Data in this exercise below:
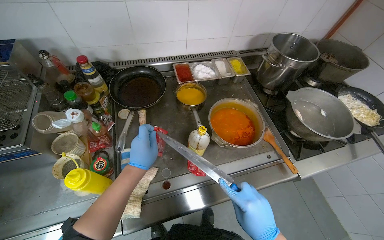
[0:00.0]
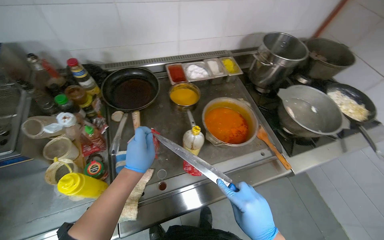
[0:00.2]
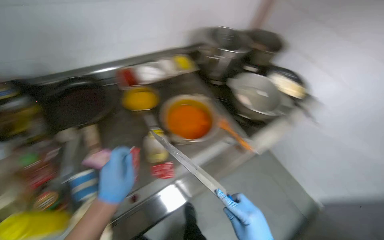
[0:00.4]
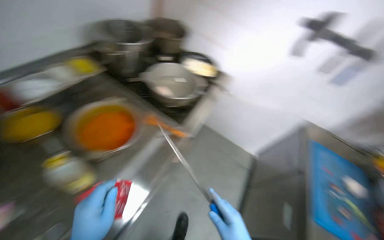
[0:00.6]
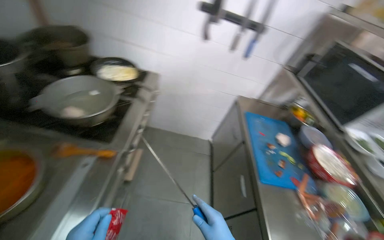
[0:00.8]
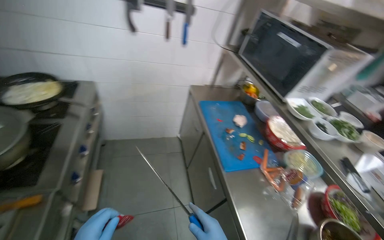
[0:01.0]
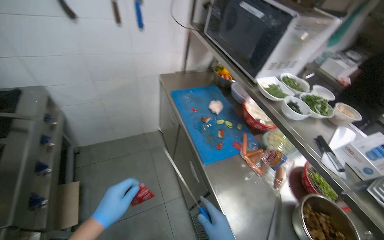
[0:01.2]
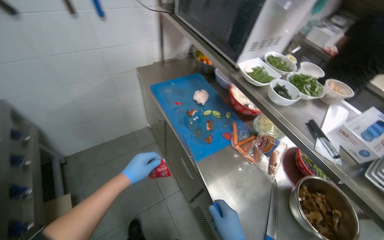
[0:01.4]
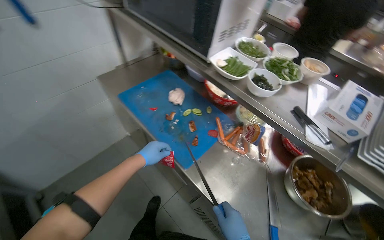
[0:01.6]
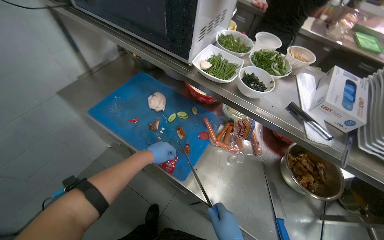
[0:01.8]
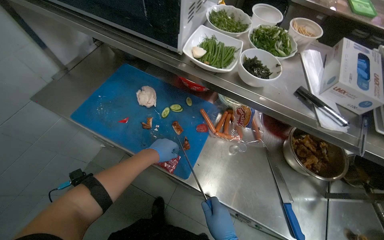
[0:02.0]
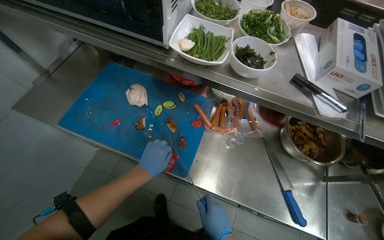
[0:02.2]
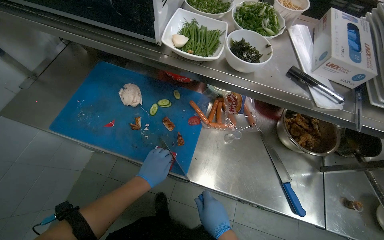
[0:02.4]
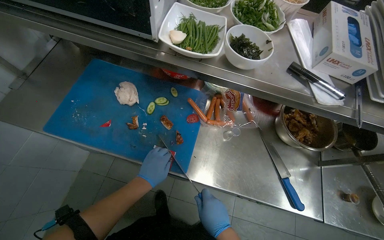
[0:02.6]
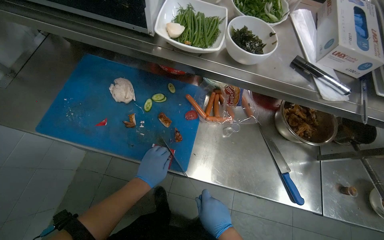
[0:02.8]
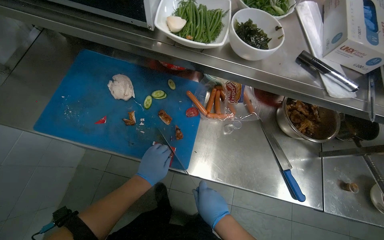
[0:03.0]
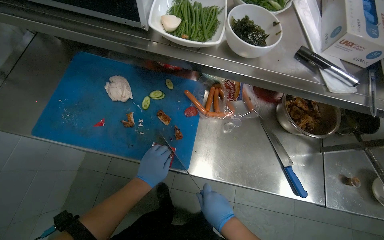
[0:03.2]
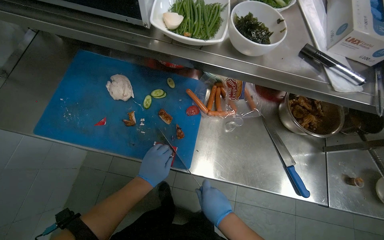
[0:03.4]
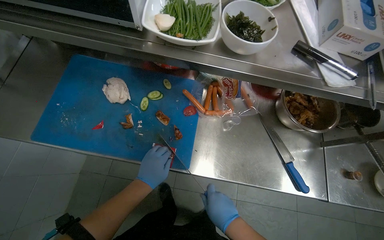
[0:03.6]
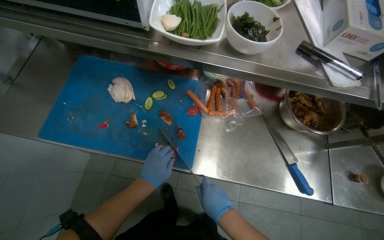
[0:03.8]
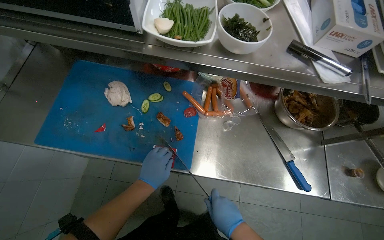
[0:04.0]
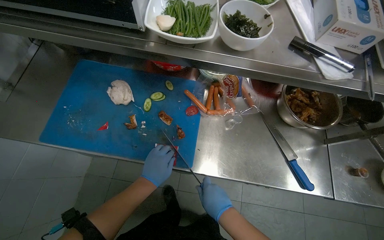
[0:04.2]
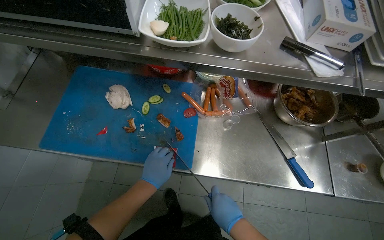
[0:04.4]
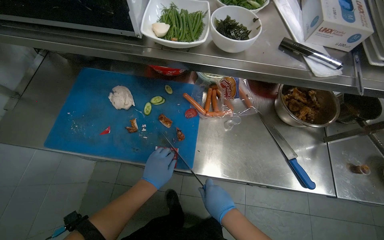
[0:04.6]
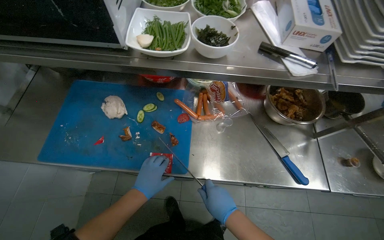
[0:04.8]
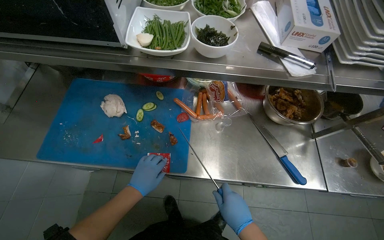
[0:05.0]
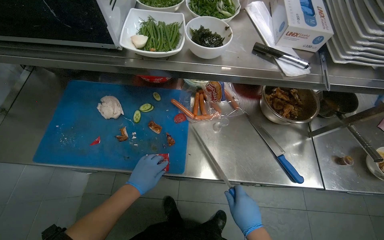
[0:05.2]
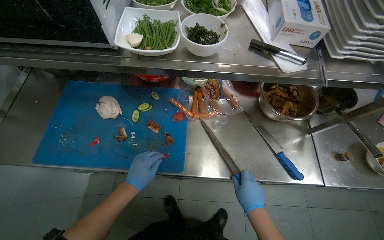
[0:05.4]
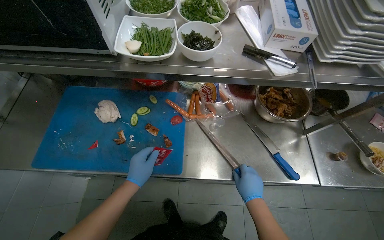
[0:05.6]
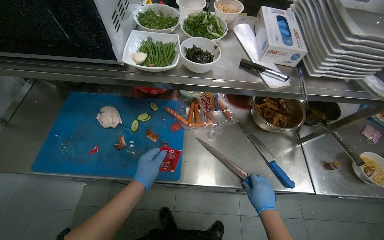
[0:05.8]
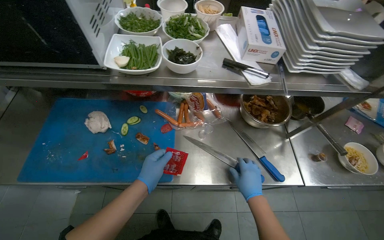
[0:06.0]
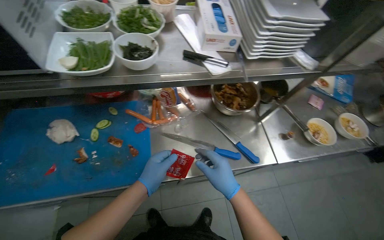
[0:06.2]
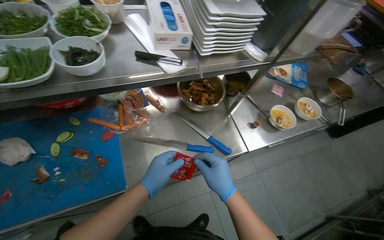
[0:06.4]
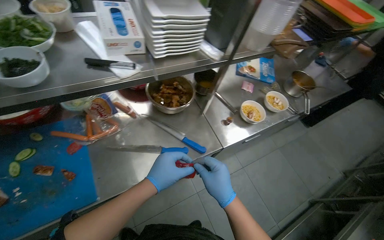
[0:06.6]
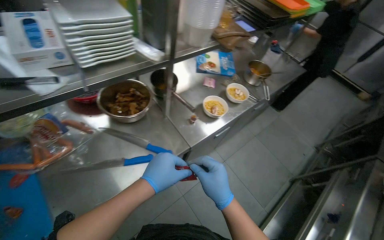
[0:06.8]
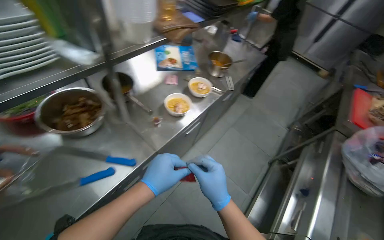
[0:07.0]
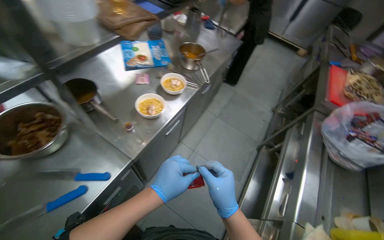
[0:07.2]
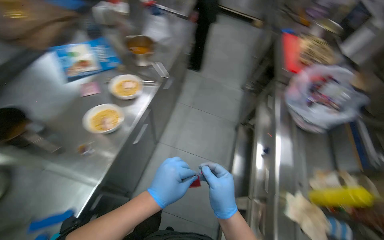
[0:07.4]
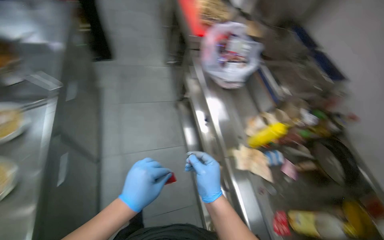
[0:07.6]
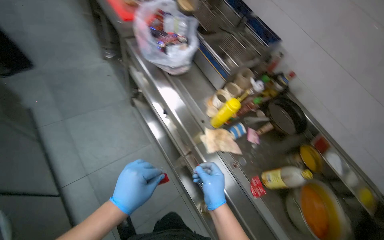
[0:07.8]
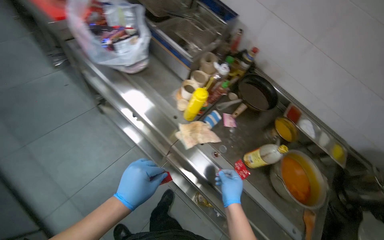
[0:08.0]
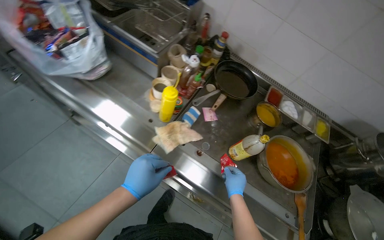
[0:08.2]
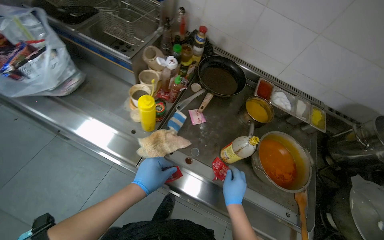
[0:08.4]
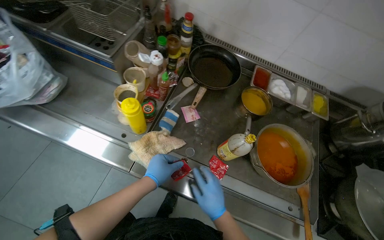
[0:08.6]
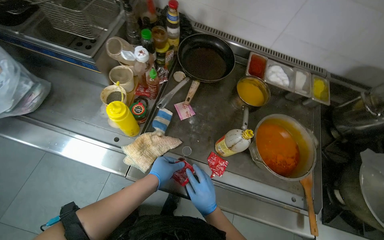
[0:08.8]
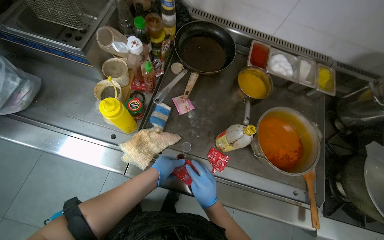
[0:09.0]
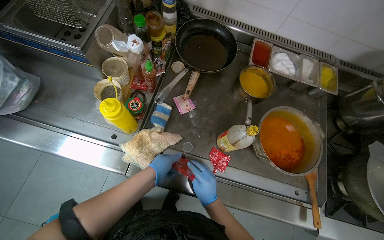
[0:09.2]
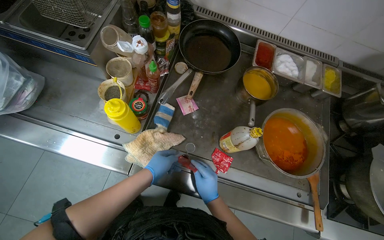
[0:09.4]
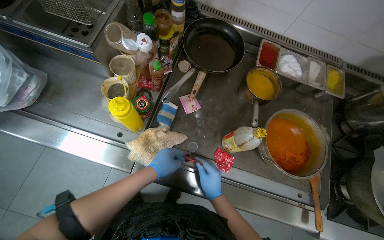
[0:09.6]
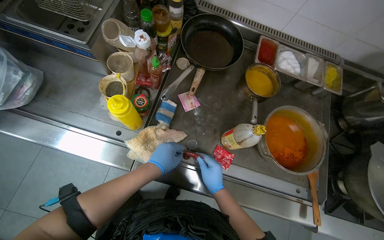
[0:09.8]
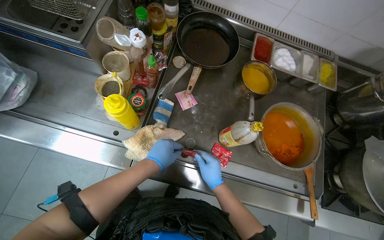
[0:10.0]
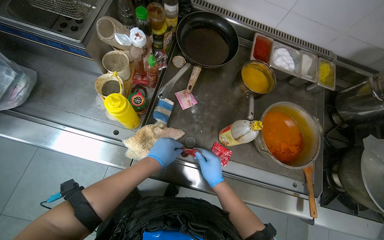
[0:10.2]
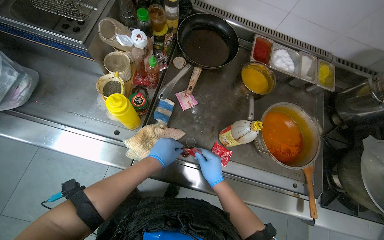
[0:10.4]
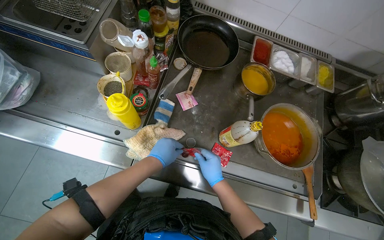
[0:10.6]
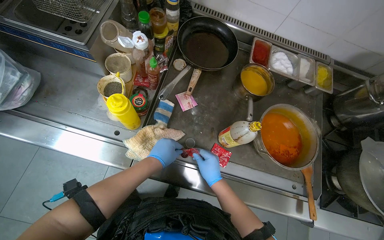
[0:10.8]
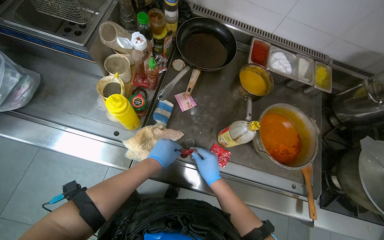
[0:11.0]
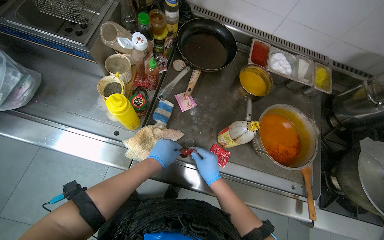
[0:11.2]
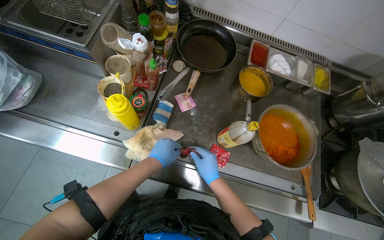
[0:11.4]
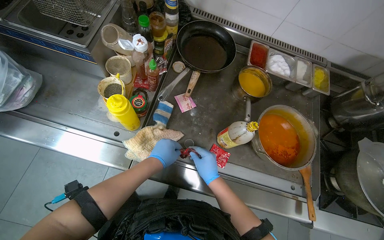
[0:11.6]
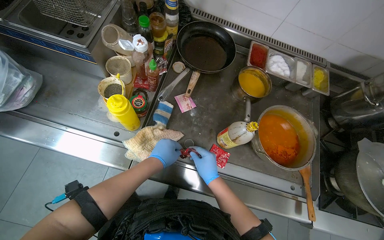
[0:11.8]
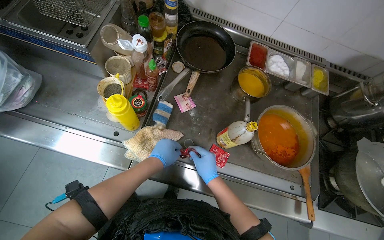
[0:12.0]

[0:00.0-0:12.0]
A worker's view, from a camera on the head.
Job: preparing food.
The whole recording: Preparing and adding seasoning to a pot. The worker opens seasoning packets and adds the contents to a pot.
0:00.0 to 0:01.6: The camera travels some 80 cm. The head turns to the right by some 115 degrees. The wearer looks approximately 20 degrees further downward.
0:01.6 to 0:03.0: The wearer looks roughly 30 degrees further to the right. The view tilts approximately 20 degrees downward.
0:03.0 to 0:04.4: The hands make small movements and keep their place.
0:04.4 to 0:06.0: The right hand travels to the right by about 15 cm.
0:06.0 to 0:07.6: The head travels about 80 cm. The head turns to the right by roughly 100 degrees. The view tips downward by roughly 20 degrees.
0:07.6 to 0:09.0: The camera is carried some 50 cm. The head turns to the right by some 60 degrees. The view tips downward by approximately 25 degrees.
0:09.0 to 0:12.0: The hands work in one place, with small movements.

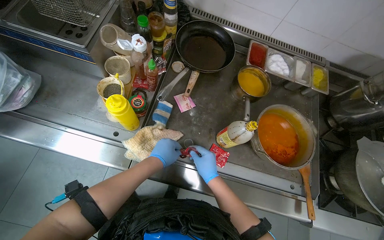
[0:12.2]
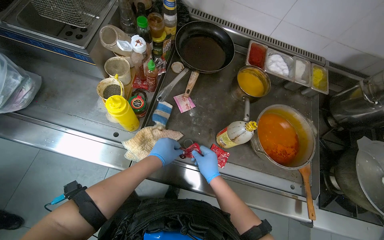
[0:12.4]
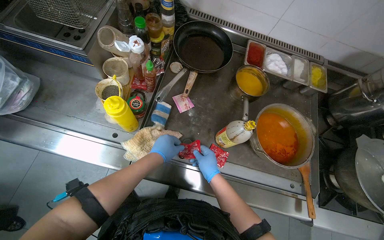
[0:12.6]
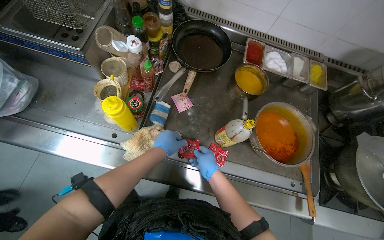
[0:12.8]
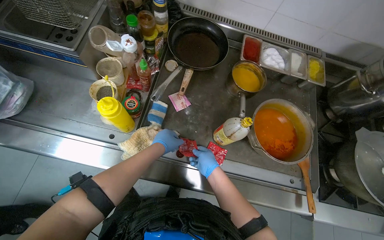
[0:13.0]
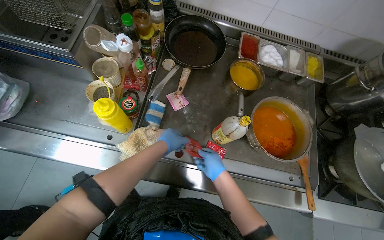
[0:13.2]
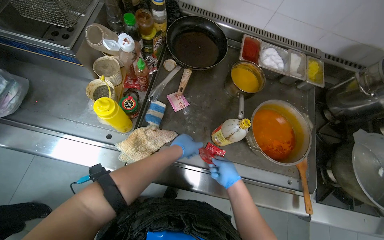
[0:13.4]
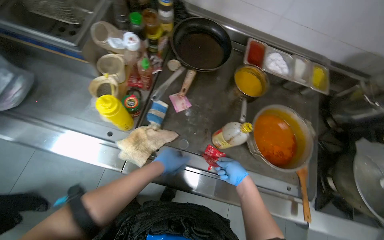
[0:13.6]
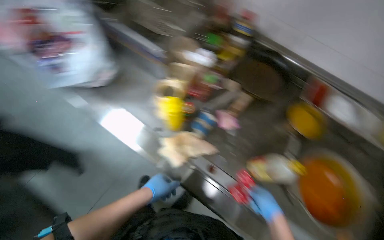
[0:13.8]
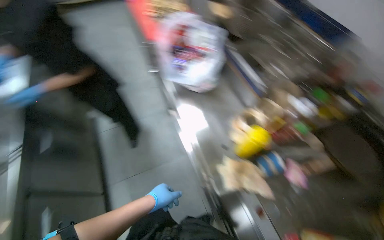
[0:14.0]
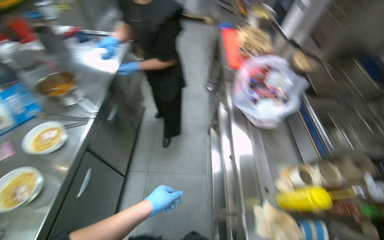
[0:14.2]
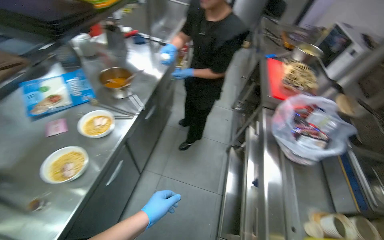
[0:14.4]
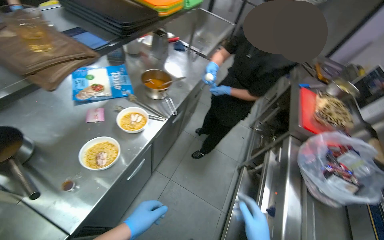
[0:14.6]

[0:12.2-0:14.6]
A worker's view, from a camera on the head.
End of Data in this exercise.
**Your objective**
Give the records a second time exactly, keeping the images out.

**Exercise output**
[0:00.0]
[0:00.2]
[0:00.4]
[0:00.6]
[0:00.8]
[0:01.0]
[0:01.2]
[0:01.4]
[0:01.6]
[0:01.8]
[0:02.0]
[0:02.2]
[0:02.4]
[0:02.6]
[0:02.8]
[0:03.0]
[0:03.2]
[0:03.4]
[0:03.6]
[0:03.8]
[0:04.0]
[0:04.2]
[0:04.4]
[0:04.6]
[0:04.8]
[0:05.0]
[0:05.2]
[0:05.4]
[0:05.6]
[0:05.8]
[0:06.0]
[0:06.2]
[0:06.4]
[0:06.6]
[0:06.8]
[0:07.0]
[0:07.2]
[0:07.4]
[0:07.6]
[0:07.8]
[0:08.0]
[0:08.2]
[0:08.4]
[0:08.6]
[0:08.8]
[0:09.0]
[0:09.2]
[0:09.4]
[0:09.6]
[0:09.8]
[0:10.0]
[0:10.2]
[0:10.4]
[0:10.6]
[0:10.8]
[0:11.0]
[0:11.2]
[0:11.4]
[0:11.6]
[0:11.8]
[0:12.0]

[0:00.0-0:12.0]
A worker's view, from a camera on the head.
Job: preparing food.
The whole recording: Preparing and adding seasoning to a pot. The worker opens seasoning packets and adds the contents to a pot.
0:00.0 to 0:01.6: The camera travels some 80 cm. The head turns to the right by some 115 degrees. The wearer looks approximately 20 degrees further downward.
0:01.6 to 0:03.0: The wearer looks roughly 30 degrees further to the right. The view tilts approximately 20 degrees downward.
0:03.0 to 0:04.4: The hands make small movements and keep their place.
0:04.4 to 0:06.0: The right hand travels to the right by about 15 cm.
0:06.0 to 0:07.6: The head travels about 80 cm. The head turns to the right by roughly 100 degrees. The view tips downward by roughly 20 degrees.
0:07.6 to 0:09.0: The camera is carried some 50 cm. The head turns to the right by some 60 degrees. The view tips downward by approximately 25 degrees.
0:09.0 to 0:12.0: The hands work in one place, with small movements.

[0:12.2]
[0:12.4]
[0:12.6]
[0:12.8]
[0:13.0]
[0:13.2]
[0:13.4]
[0:13.6]
[0:13.8]
[0:14.0]
[0:14.2]
[0:14.4]
[0:14.6]

[0:12.2-0:14.6]
A worker's view, from a camera on the head.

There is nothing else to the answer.